Particularly significant is that the Religious Left relishes denunciations of Christian jihad in the form of the Crusades of nearly 1000 years ago.  Ostensibly millions of Muslims are still offended by the military exploits of European knights from the early Middle Ages and can only be mollified if 21st century church elites repeatedly apologizing.  Presumably the Religious Left would have no objection to New York subway ads that urged: “Renounce Crusade.”   A widely publicized and endorsed Christian statement that emerged out of Yale Divinity School in 2007 called “Loving God and Neighbor Together” apologized for both the Crusades and War on Terror, combining the two across a millennium, and imploring:   “We ask forgiveness of the All-Merciful One and of the Muslim community around the world.”
So Crusade is bad but evidently jihad is not so bad, or at least not suitable for public concern.  Meanwhile, a religion columnist for The Huffington Post objected to the subway ad’s citation of “savages” as also a defamation of all Muslims.  “Viewing all Palestinians as Muslim savages plays into the worst temptation of settlers to regard a Palestinian life as less valuable than an Israeli,” he warned.  “The use of savage to talk about ‘the other’ is, of course, an old trick — just talk to the Native Americans, who were the original ‘savages’ in our country; or the people of Africa for Europeans.” The ad implicitly targets terrorists, especially anti-Israel terrorists.  Can the murderers of innocents be justly called “savage”? Christianity and Judaism teach that humans have free will and are quite willing and able to commit savagery.  Yet to say so is increasingly politically incorrect.

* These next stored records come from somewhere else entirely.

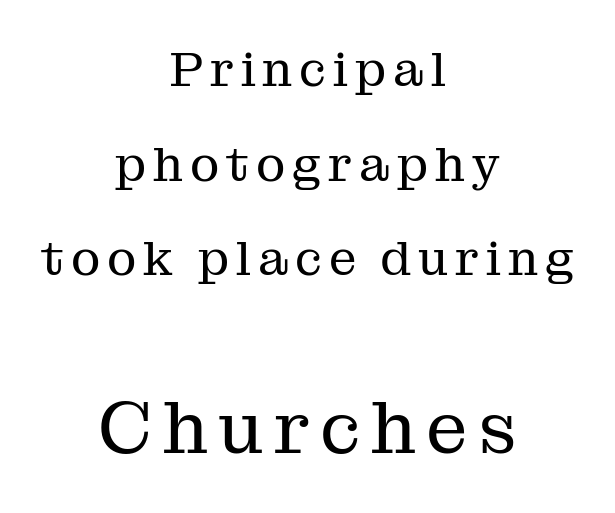
Q: Is the text bold? A: No.
Q: Is the text italic (slanted)? A: No, it is upright.
Q: Is the typeface a serif or a sans-serif typeface? A: Serif.
Q: Is the text underlined? A: No.
Q: How is the paragraph aligned? A: Centered.
Q: Is the spacing between lines tight, normal or loose? A: Loose.
Q: Which block of text is set in a larger size, the first (top) or the second (bottom)? A: The second (bottom) one.
Q: Width (condensed, normal, or wide)? A: Normal.
Q: Stroke contrast? A: Medium.
Q: x-height? A: Medium.
Q: Monospaced? A: No.
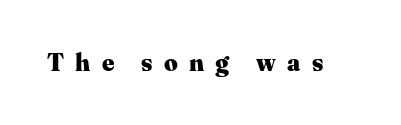
The image shows 24 px bold type, upright; set unusually wide letter spacing (+0.47 em), not underlined.
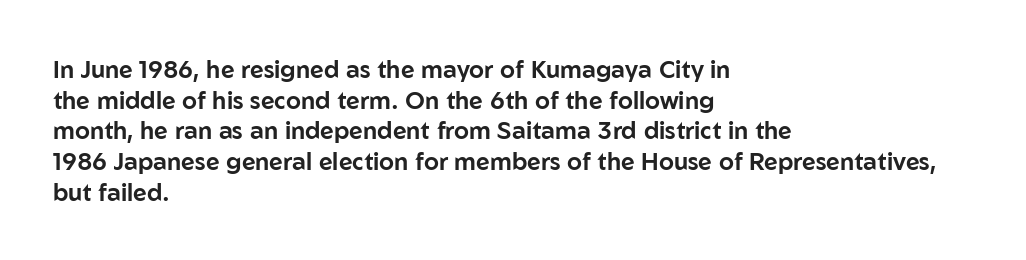
The image shows 24 px text type, upright; set left-aligned, normal line spacing (1.28x), normal letter spacing, not underlined.
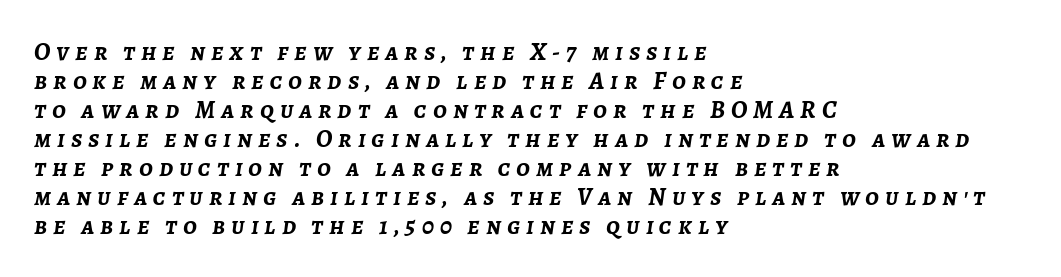
The image shows 25 px bold type, italic (leaning right); set left-aligned, line spacing 1.16x, unusually wide letter spacing (+0.24 em), not underlined.
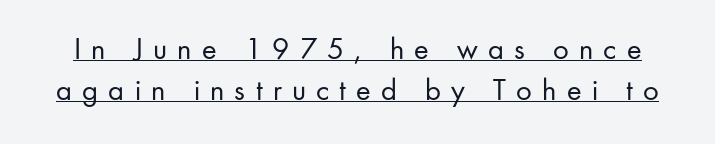
Characters remain perfectly vertical along every line. The designer left line spacing at the default. A baseline rule has been typeset under these characters. The letters are spread apart with noticeably loose tracking.
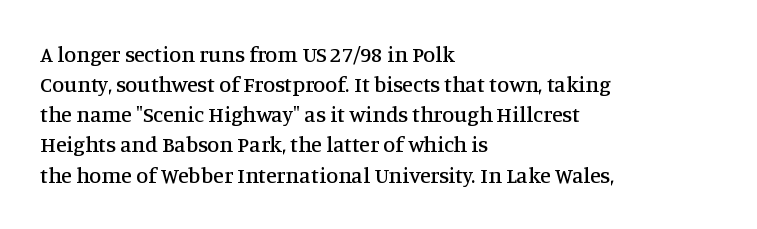
The image shows 22 px text type, upright; set left-aligned, normal line spacing (1.37x), normal letter spacing, not underlined.
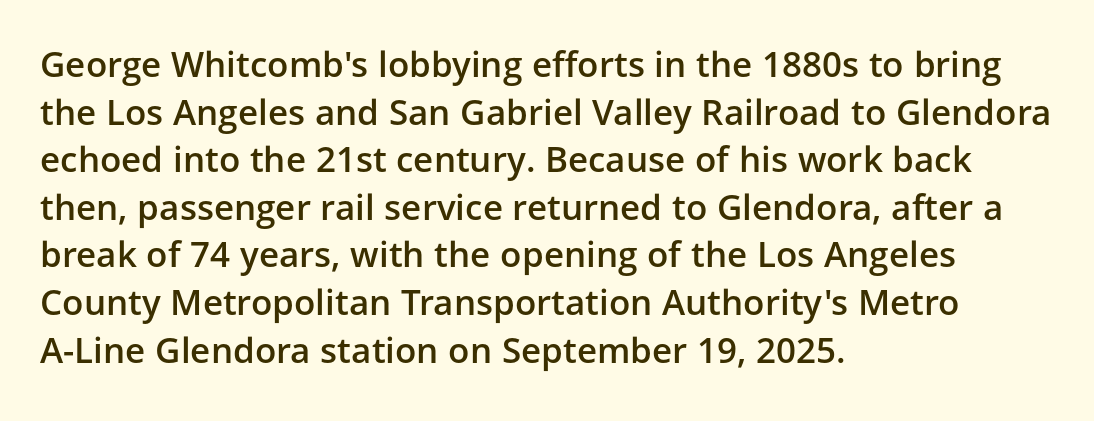
The image shows 35 px semibold sans-serif type, upright; set left-aligned, normal line spacing (1.36x), normal letter spacing, not underlined; low stroke contrast and a medium x-height.
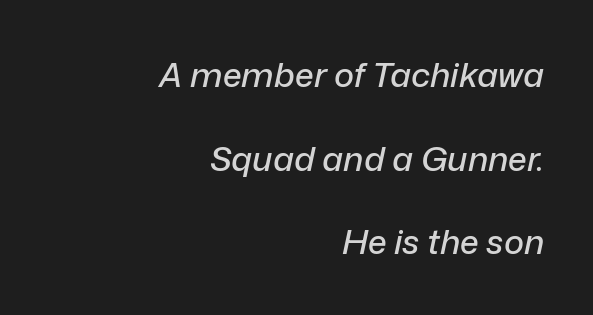
{"italic": "yes", "lean": "right", "slant_degrees": 12, "width": "normal", "stroke_contrast": "low", "x_height": "medium", "monospaced": "no", "underline": "no", "align": "right", "line_spacing": "loose", "line_spacing_ratio": 2.46, "letter_spacing": "normal", "letter_spacing_em": 0.0, "glyph_px": 34}
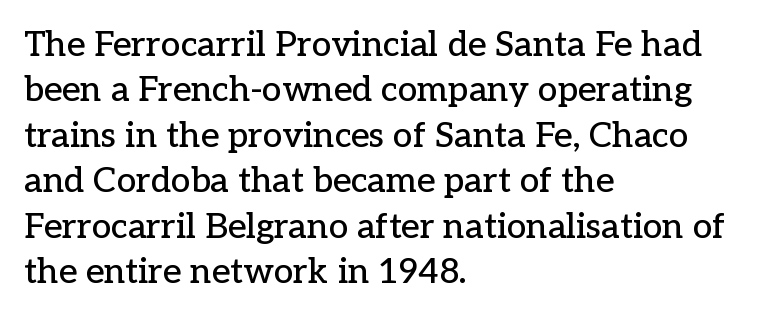
{"serif": "yes", "italic": "no", "width": "normal", "stroke_contrast": "low", "x_height": "medium", "monospaced": "no", "underline": "no", "align": "left", "line_spacing": "normal", "line_spacing_ratio": 1.3, "letter_spacing": "normal", "letter_spacing_em": 0.0, "glyph_px": 35}
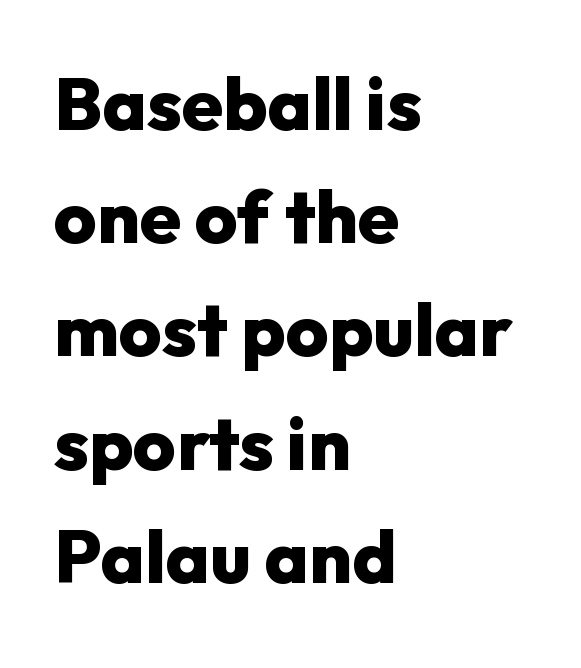
The image shows 74 px heavy sans-serif type, upright; set left-aligned, normal line spacing (1.53x), normal letter spacing, not underlined; low stroke contrast and a medium x-height.
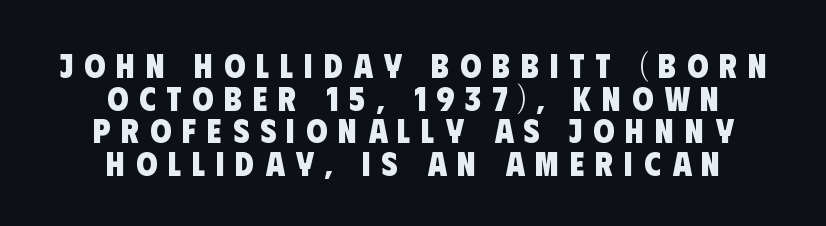
{"serif": "no", "bold": "yes", "weight": "heavy", "width": "condensed", "stroke_contrast": "low", "x_height": "large", "monospaced": "no", "underline": "no", "align": "center", "line_spacing": "tight", "line_spacing_ratio": 0.96, "letter_spacing": "wide", "letter_spacing_em": 0.32, "glyph_px": 34}

“We all need to leave off the ‘savage’ language and the mindset that is behind it,” according to the HuffPo columnist.  “Instead Americans need to double down on the strength of our country which is our commitment to pluralism and respect of the other.”  But how then to describe and react to terrorists and jihadists who reject pluralism and murderously disrespect “the other”?   The Religious Left critics of the New York subway ads offer no answer.  Instead, like United Methodist Women, they only denounce those who try for their supposed “hate speech.”
Freedom Center pamphlets now available on Kindle: Click here.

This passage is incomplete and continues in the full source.